1. Add solar radiation pressure to a dynamical system and simulate the resulting thrust available for a solar sail;
2. Use reinforcement learning to train a neural-Lyapunov function for low-thrust minimum-time transfers;
3. Compare training with and without constraints for interplanetary transfer scenarios.

References:
[1] Niccolai, Lorenzo, Alessandro A. Quarta, and Giovanni Mengali. “Solar Sail Heliocentric Transfers with a Q-Law.” Acta Astronautica 188 (November 2021): 352–61. https://doi.org/10.1016/j.actaastro.2021.07.037.

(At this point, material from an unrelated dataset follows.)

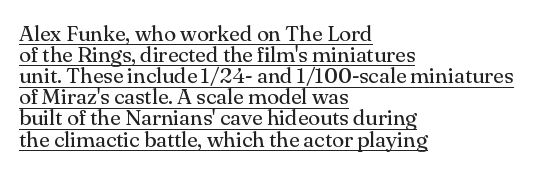
The image shows 22 px text type, upright; set left-aligned, tight line spacing (0.96x), normal letter spacing, underlined.
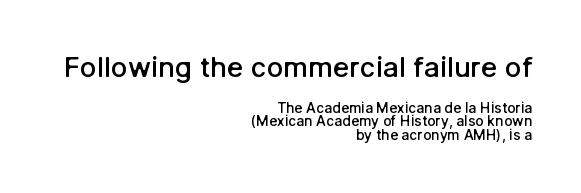
The image shows 28 px semibold sans-serif type, upright; set right-aligned, tight line spacing (0.97x), normal letter spacing, not underlined; the first (top) block is 2.0x larger; low stroke contrast and a medium x-height.

4) Topic 4: Distributed Quantum Sensing in Space

Space missions require high-precision measurement systems to detect minute changes in gravitational fields, magnetic fields, as well as for the observation of novel physical phenomena. Distributed quantum sensing networks, consisting of (spatially separated) quantum sensors, leverage the principles of quantum mechanics which allow for the enhancement of measurement precision beyond the standard quantum limit (i.e. the limiting sensitivity which can be obtained with classical measurement apparatuses) [1]. A sensitivity enhancement beyond the standard quantum limit is particularly valuable where extreme precision is required over large distances or areas and is hence of great interest for space-based applications. Some key applications include gravitational wave detection, the synchronisation of atomic clocks over long distances (critical for e.g. GPS and telecommunication), monitoring subtle variations in space-time, detecting novel physical phenomena through higher precision measurements [1-4]. The proposed internship will contribute to ongoing research and development in this field by exploring the potential of distributed quantum sensing in a space context, focusing on the design, simulation, and potential implementation of quantum sensing networks of satellites.

Objectives:
By the end of the internship, you will have gained a deep understanding of quantum sensing technologies and their application in space. The project is expected to yield a preliminary design for a distributed quantum sensing network and a simulation-based analysis of its performance in a space context. The goals of the internship are summarized by the following points:

1. Review the state-of-the-art in quantum sensing technologies and their current applications in space and identify promising quantum sensing protocols;
2. Assess the technical feasibility and theoretical bounds of sensitivity of the studied/proposed quantum sensing protocol in a space context;
3. Develop and/or improve models for the simulation of networks of quantum sensors in space for the identified protocols;
4. Employ the developed simulation method to study the properties and characteristics of the quantum sensing network.

References:
[1] Zheshen Zhang and Quntao Zhuang, Distributed Quantum Sensing, Quantum Sci. Technol. 6, 043001 (2021).
[2] Kómár, P., Kessler, E., Bishof, M. et al. A quantum network of clocks, Nat. Phys 10, 582–587 (2014).
[3] D. Gottesman, T. Jennewein, and S. Croke, Longer-Baseline Telescopes Using Quantum Repeaters, Phys. Rev. Lett. 109, 070503 (2012).
[4] J. Borregaard and I. Pikovski, Testing quantum theory on curved space-time with quantum networks, arXiv:2406.19533 (2024).

Behavioural competencies

Result Orientation
Operational Efficiency
Fostering Cooperation
Relationship Management
Continuous Improvement
Forward Thinking

For more information, please refer to ESA Core Behavioural Competencies guidebook

Education

You must be a university student, preferably in your final or second-to-last year of a university course at Master’s level and you need to remain enrolled at your University for the entire duration of the internship.

Additional requirements

The working languages of the Agency are English and French. A good knowledge of one of these is required. Knowledge of another Member State language would be an asset.

Knowledge and background in relevant analytical and computational methods is an asset.